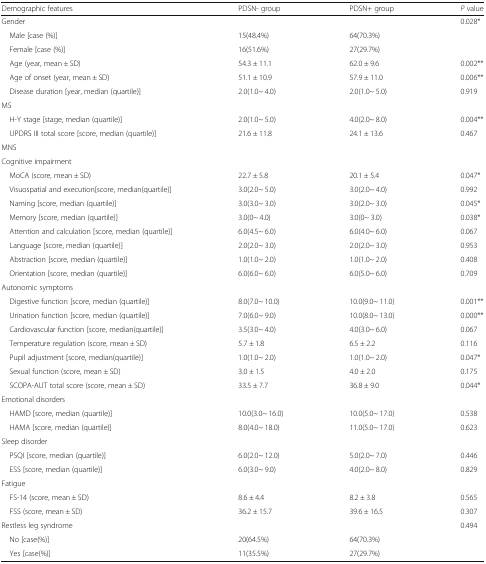
<table><thead><tr><td><b>Demographic features</b></td><td><b>PDSN- group</b></td><td><b>PDSN+ group</b></td><td><b><i>P</i> value</b></td></tr></thead><tbody><tr><td>Gender</td><td></td><td></td><td>0.028*</td></tr><tr><td> Male [case (%)]</td><td>15(48.4%)</td><td>64(70.3%)</td><td></td></tr><tr><td> Female [case (%)]</td><td>16(51.6%)</td><td>27(29.7%)</td><td></td></tr><tr><td> Age (year, mean ± SD)</td><td>54.3 ± 11.1</td><td>62.0 ± 9.6</td><td>0.002**</td></tr><tr><td> Age of onset (year, mean ± SD)</td><td>51.1 ± 10.9</td><td>57.9 ± 11.0</td><td>0.006**</td></tr><tr><td> Disease duration [year, median (quartile)]</td><td>2.0(1.0~ 4.0)</td><td>2.0(1.0~ 5.0)</td><td>0.919</td></tr><tr><td>MS</td><td></td><td></td><td></td></tr><tr><td> H-Y stage [stage, median (quartile)]</td><td>2.0(1.0~ 5.0)</td><td>4.0(2.0~ 8.0)</td><td>0.004**</td></tr><tr><td> UPDRS III total score [score, median (quartile)]</td><td>21.6 ± 11.8</td><td>24.1 ± 13.6</td><td>0.467</td></tr><tr><td>MNS</td><td></td><td></td><td></td></tr><tr><td>Cognitive impairment</td><td></td><td></td><td></td></tr><tr><td> MoCA (score, mean ± SD)</td><td>22.7 ± 5.8</td><td>20.1 ± 5.4</td><td>0.047*</td></tr><tr><td> Visuospatial and execution[score, median(quartile)]</td><td>3.0(2.0~ 5.0)</td><td>3.0(2.0~ 4.0)</td><td>0.992</td></tr><tr><td> Naming [score, median (quartile)]</td><td>3.0(3.0~ 3.0)</td><td>3.0(2.0~ 3.0)</td><td>0.045*</td></tr><tr><td> Memory [score, median (quartile)]</td><td>3.0(0~ 4.0)</td><td>3.0(0~ 3.0)</td><td>0.038*</td></tr><tr><td> Attention and calculation [score, median (quartile)]</td><td>6.0(4.5~ 6.0)</td><td>6.0(4.0~ 6.0)</td><td>0.067</td></tr><tr><td> Language [score, median (quartile)]</td><td>2.0(2.0~ 3.0)</td><td>2.0(2.0~ 3.0)</td><td>0.953</td></tr><tr><td> Abstraction [score, median (quartile)]</td><td>1.0(1.0~ 2.0)</td><td>1.0(1.0~ 2.0)</td><td>0.408</td></tr><tr><td> Orientation [score, median (quartile)]</td><td>6.0(6.0~ 6.0)</td><td>6.0(5.0~ 6.0)</td><td>0.709</td></tr><tr><td>Autonomic symptoms</td><td></td><td></td><td></td></tr><tr><td> Digestive function [score, median (quartile)]</td><td>8.0(7.0~ 10.0)</td><td>10.0(9.0~ 11.0)</td><td>0.001**</td></tr><tr><td> Urination function [score, median (quartile)]</td><td>7.0(6.0~ 9.0)</td><td>10.0(8.0~ 13.0)</td><td>0.000**</td></tr><tr><td> Cardiovascular function [score, median(quartile)]</td><td>3.5(3.0~ 4.0)</td><td>4.0(3.0~ 6.0)</td><td>0.067</td></tr><tr><td> Temperature regulation (score, mean ± SD)</td><td>5.7 ± 1.8</td><td>6.5 ± 2.2</td><td>0.116</td></tr><tr><td> Pupil adjustment [score, median(quartile)]</td><td>1.0(1.0~ 2.0)</td><td>1.0(1.0~ 2.0)</td><td>0.047*</td></tr><tr><td> Sexual function (score, mean ± SD)</td><td>3.0 ± 1.5</td><td>4.0 ± 2.0</td><td>0.175</td></tr><tr><td> SCOPA-AUT total score (score, mean ± SD)</td><td>33.5 ± 7.7</td><td>36.8 ± 9.0</td><td>0.044*</td></tr><tr><td>Emotional disorders</td><td></td><td></td><td></td></tr><tr><td> HAMD [score, median (quartile)]</td><td>10.0(3.0~ 16.0)</td><td>10.0(5.0~ 17.0)</td><td>0.538</td></tr><tr><td> HAMA [score, median (quartile)]</td><td>8.0(4.0~ 18.0)</td><td>11.0(5.0~ 17.0)</td><td>0.623</td></tr><tr><td>Sleep disorder</td><td></td><td></td><td></td></tr><tr><td> PSQI [score, median (quartile)]</td><td>6.0(2.0~ 12.0)</td><td>5.0(2.0~ 7.0)</td><td>0.446</td></tr><tr><td> ESS [score, median (quartile)]</td><td>6.0(3.0~ 9.0)</td><td>4.0(2.0~ 8.0)</td><td>0.829</td></tr><tr><td>Fatigue</td><td></td><td></td><td></td></tr><tr><td> FS-14 (score, mean ± SD)</td><td>8.6 ± 4.4</td><td>8.2 ± 3.8</td><td>0.565</td></tr><tr><td> FSS (score, mean ± SD)</td><td>36.2 ± 15.7</td><td>39.6 ± 16.5</td><td>0.307</td></tr><tr><td>Restless leg syndrome</td><td></td><td></td><td>0.494</td></tr><tr><td> No [case(%)]</td><td>20(64.5%)</td><td>64(70.3%)</td><td></td></tr><tr><td> Yes [case(%)]</td><td>11(35.5%)</td><td>27(29.7%)</td><td></td></tr></tbody></table>
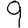
Digit: 9
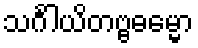
သင်္ဂါယိတဗ္ဗဓမ္မော
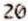
20
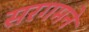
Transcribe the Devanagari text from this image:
सरगमने
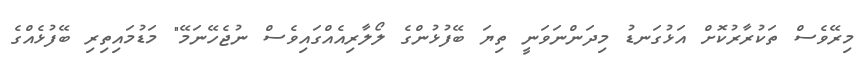
މިރޭވެސް ތަކުރާރުކޮށް އަޅުގަނޑު މިދަންނަވަނީ ތިޔަ ބޭފުޅުންގެ ލޯލާރިއެއްގައިވެސް ނުޖެހޭނަމޭ" މަޑުމައިތިރި ބޭފުޅެއްގެ
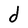
Character: d
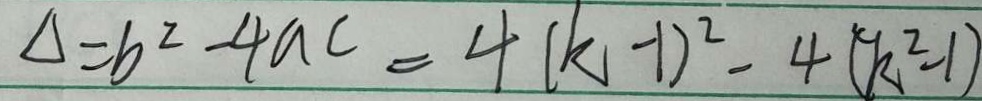
\Delta = b ^ { 2 } - 4 a c = 4 ( k - 1 ) ^ { 2 } - 4 ( k ^ { 2 } - 1 )
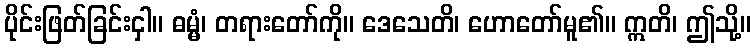
ပိုင်းဖြတ်ခြင်းငှါ။ ဓမ္မံ၊ တရားတော်ကို။ ဒေသေတိ၊ ဟောတော်မူ၏။ ဣတိ၊ ဤသို့။
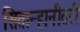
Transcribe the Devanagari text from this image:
सितान्हानीतरी
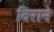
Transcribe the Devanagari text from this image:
विराने
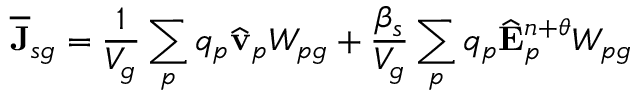
\overline { { \mathbf { J } } } _ { s g } = \frac { 1 } { V _ { g } } \sum _ { p } q _ { p } \widehat { \mathbf { v } } _ { p } W _ { p g } + \frac { \beta _ { s } } { V _ { g } } \sum _ { p } q _ { p } \widehat { \mathbf { E } } _ { p } ^ { n + \theta } W _ { p g }
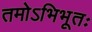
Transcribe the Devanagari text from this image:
तमोऽभिभूतः
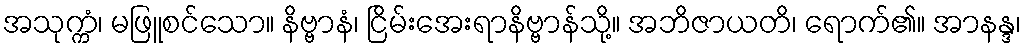
အသုက္ကံ၊ မဖြူစင်သော။ နိဗ္ဗာနံ၊ ငြိမ်းအေးရာနိဗ္ဗာန်သို့။ အဘိဇာယတိ၊ ရောက်၏။ အာနန္ဒ၊
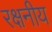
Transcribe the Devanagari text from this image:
रक्षनीय
::::::::::
- **Work item**
Copy out the material above exactly; the images stay out.

- **Result**
<table><thead><tr><td><b>Demographic features</b></td><td><b>PDSN- group</b></td><td><b>PDSN+ group</b></td><td><b><i>P</i> value</b></td></tr></thead><tbody><tr><td>Gender</td><td></td><td></td><td>0.028*</td></tr><tr><td> Male [case (%)]</td><td>15(48.4%)</td><td>64(70.3%)</td><td></td></tr><tr><td> Female [case (%)]</td><td>16(51.6%)</td><td>27(29.7%)</td><td></td></tr><tr><td> Age (year, mean ± SD)</td><td>54.3 ± 11.1</td><td>62.0 ± 9.6</td><td>0.002**</td></tr><tr><td> Age of onset (year, mean ± SD)</td><td>51.1 ± 10.9</td><td>57.9 ± 11.0</td><td>0.006**</td></tr><tr><td> Disease duration [year, median (quartile)]</td><td>2.0(1.0~ 4.0)</td><td>2.0(1.0~ 5.0)</td><td>0.919</td></tr><tr><td>MS</td><td></td><td></td><td></td></tr><tr><td> H-Y stage [stage, median (quartile)]</td><td>2.0(1.0~ 5.0)</td><td>4.0(2.0~ 8.0)</td><td>0.004**</td></tr><tr><td> UPDRS III total score [score, median (quartile)]</td><td>21.6 ± 11.8</td><td>24.1 ± 13.6</td><td>0.467</td></tr><tr><td>MNS</td><td></td><td></td><td></td></tr><tr><td>Cognitive impairment</td><td></td><td></td><td></td></tr><tr><td> MoCA (score, mean ± SD)</td><td>22.7 ± 5.8</td><td>20.1 ± 5.4</td><td>0.047*</td></tr><tr><td> Visuospatial and execution[score, median(quartile)]</td><td>3.0(2.0~ 5.0)</td><td>3.0(2.0~ 4.0)</td><td>0.992</td></tr><tr><td> Naming [score, median (quartile)]</td><td>3.0(3.0~ 3.0)</td><td>3.0(2.0~ 3.0)</td><td>0.045*</td></tr><tr><td> Memory [score, median (quartile)]</td><td>3.0(0~ 4.0)</td><td>3.0(0~ 3.0)</td><td>0.038*</td></tr><tr><td> Attention and calculation [score, median (quartile)]</td><td>6.0(4.5~ 6.0)</td><td>6.0(4.0~ 6.0)</td><td>0.067</td></tr><tr><td> Language [score, median (quartile)]</td><td>2.0(2.0~ 3.0)</td><td>2.0(2.0~ 3.0)</td><td>0.953</td></tr><tr><td> Abstraction [score, median (quartile)]</td><td>1.0(1.0~ 2.0)</td><td>1.0(1.0~ 2.0)</td><td>0.408</td></tr><tr><td> Orientation [score, median (quartile)]</td><td>6.0(6.0~ 6.0)</td><td>6.0(5.0~ 6.0)</td><td>0.709</td></tr><tr><td>Autonomic symptoms</td><td></td><td></td><td></td></tr><tr><td> Digestive function [score, median (quartile)]</td><td>8.0(7.0~ 10.0)</td><td>10.0(9.0~ 11.0)</td><td>0.001**</td></tr><tr><td> Urination function [score, median (quartile)]</td><td>7.0(6.0~ 9.0)</td><td>10.0(8.0~ 13.0)</td><td>0.000**</td></tr><tr><td> Cardiovascular function [score, median(quartile)]</td><td>3.5(3.0~ 4.0)</td><td>4.0(3.0~ 6.0)</td><td>0.067</td></tr><tr><td> Temperature regulation (score, mean ± SD)</td><td>5.7 ± 1.8</td><td>6.5 ± 2.2</td><td>0.116</td></tr><tr><td> Pupil adjustment [score, median(quartile)]</td><td>1.0(1.0~ 2.0)</td><td>1.0(1.0~ 2.0)</td><td>0.047*</td></tr><tr><td> Sexual function (score, mean ± SD)</td><td>3.0 ± 1.5</td><td>4.0 ± 2.0</td><td>0.175</td></tr><tr><td> SCOPA-AUT total score (score, mean ± SD)</td><td>33.5 ± 7.7</td><td>36.8 ± 9.0</td><td>0.044*</td></tr><tr><td>Emotional disorders</td><td></td><td></td><td></td></tr><tr><td> HAMD [score, median (quartile)]</td><td>10.0(3.0~ 16.0)</td><td>10.0(5.0~ 17.0)</td><td>0.538</td></tr><tr><td> HAMA [score, median (quartile)]</td><td>8.0(4.0~ 18.0)</td><td>11.0(5.0~ 17.0)</td><td>0.623</td></tr><tr><td>Sleep disorder</td><td></td><td></td><td></td></tr><tr><td> PSQI [score, median (quartile)]</td><td>6.0(2.0~ 12.0)</td><td>5.0(2.0~ 7.0)</td><td>0.446</td></tr><tr><td> ESS [score, median (quartile)]</td><td>6.0(3.0~ 9.0)</td><td>4.0(2.0~ 8.0)</td><td>0.829</td></tr><tr><td>Fatigue</td><td></td><td></td><td></td></tr><tr><td> FS-14 (score, mean ± SD)</td><td>8.6 ± 4.4</td><td>8.2 ± 3.8</td><td>0.565</td></tr><tr><td> FSS (score, mean ± SD)</td><td>36.2 ± 15.7</td><td>39.6 ± 16.5</td><td>0.307</td></tr><tr><td>Restless leg syndrome</td><td></td><td></td><td>0.494</td></tr><tr><td> No [case(%)]</td><td>20(64.5%)</td><td>64(70.3%)</td><td></td></tr><tr><td> Yes [case(%)]</td><td>11(35.5%)</td><td>27(29.7%)</td><td></td></tr></tbody></table>
Digit: 9
သင်္ဂါယိတဗ္ဗဓမ္မော
20
Transcribe the Devanagari text from this image:
सरगमने
މިރޭވެސް ތަކުރާރުކޮށް އަޅުގަނޑު މިދަންނަވަނީ ތިޔަ ބޭފުޅުންގެ ލޯލާރިއެއްގައިވެސް ނުޖެހޭނަމޭ" މަޑުމައިތިރި ބޭފުޅެއްގެ
Character: d
\Delta = b ^ { 2 } - 4 a c = 4 ( k - 1 ) ^ { 2 } - 4 ( k ^ { 2 } - 1 )
ပိုင်းဖြတ်ခြင်းငှါ။ ဓမ္မံ၊ တရားတော်ကို။ ဒေသေတိ၊ ဟောတော်မူ၏။ ဣတိ၊ ဤသို့။
Transcribe the Devanagari text from this image:
सितान्हानीतरी
Transcribe the Devanagari text from this image:
विराने
\overline { { \mathbf { J } } } _ { s g } = \frac { 1 } { V _ { g } } \sum _ { p } q _ { p } \widehat { \mathbf { v } } _ { p } W _ { p g } + \frac { \beta _ { s } } { V _ { g } } \sum _ { p } q _ { p } \widehat { \mathbf { E } } _ { p } ^ { n + \theta } W _ { p g }
Transcribe the Devanagari text from this image:
तमोऽभिभूतः
အသုက္ကံ၊ မဖြူစင်သော။ နိဗ္ဗာနံ၊ ငြိမ်းအေးရာနိဗ္ဗာန်သို့။ အဘိဇာယတိ၊ ရောက်၏။ အာနန္ဒ၊
Transcribe the Devanagari text from this image:
रक्षनीय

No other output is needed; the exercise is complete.